The last landing on Walcheren was made on the eastern south side of the causeway, where the 156th Brigade sent a battalion across on the night of November 2-3rd. using assault boats and wading in the salt marshes, this unit established a secure bridgehead by nightfall. Next day another battalion followed and the troops at the west end of the causeway began to advance. On November 6th Middleburg fell to troops advancing from Flushing and the German general surrendered. By the 7th only the northern coast remained to be cleared. On the morning of the 8th German resistance on Walcheren came to an end.

Both naval and army authorities blamed the heavy losses in the Westkapelle assault on the limited scale of bomber effort employed against the German batteries. It is true that many Allied air officers were reluctant to divert forces to those targets from the offensive against German communications and oil; but a considerable number of attacks were actually made on Walcheren. It was particularly unfortunate that bad weather compelled the air force to cancel the attacks which had been planned for October 31st. (D minus 1)

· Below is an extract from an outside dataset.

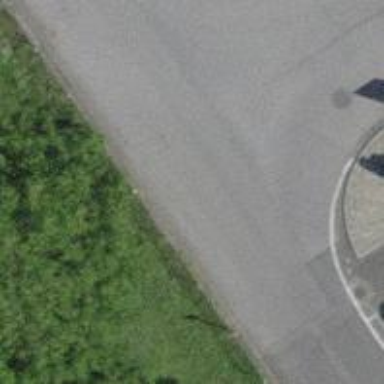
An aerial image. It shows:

The effort of the flooding - which of course meant much misery for the population of Walcheren - merits a word. Most of the German Coastal batteries were on the high ground and were not directly affected (though many of the anti-aircraft positions were put out of action); but they were isolated by the waters, their communications were seriously interfered with and the German defence generally was greatly harassed. The attackers on the other hand were offered the advantage of being able to use amphibious vehicles, and thanks in part to these the operations on Walcheren went faster than those south of the Scheldt.

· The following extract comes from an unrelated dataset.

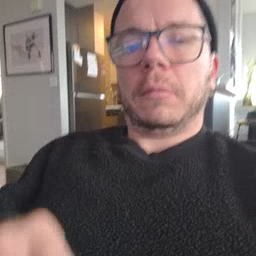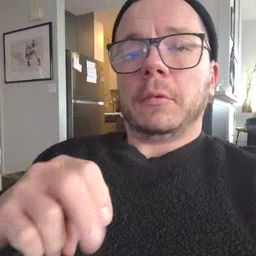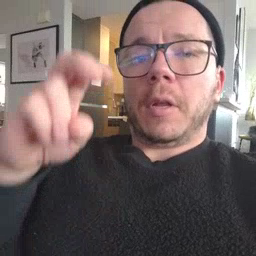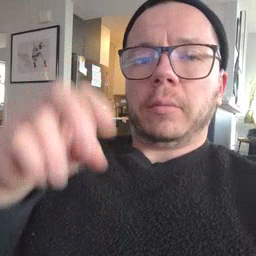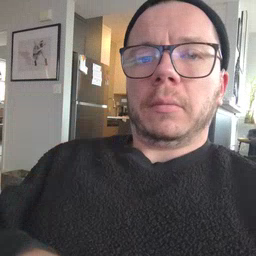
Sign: stairs

During the operations of the First Canadian Army from October 1st to November 8th 41, 043 German prisoners were taken, and the enemy suffered correspondingly heavy losses in killed and wounded. Our own casualties, including British and Allied, were reported by General Simonds as 703 officers and 12,170 other ranks killed, wounded and 6012 other ranks were Canadians.

With the clearing of Walcheren the Germans no longer commanded the sea approach to Antwerp. However, the West Scheldt was thickly sown with mines which the navy had to clear. Not until November 28th did the first Allied convoy arrive in the port. But with cargo ships unloading at Antwerp a firm logistical foundation at last existed for the final advance into Germany.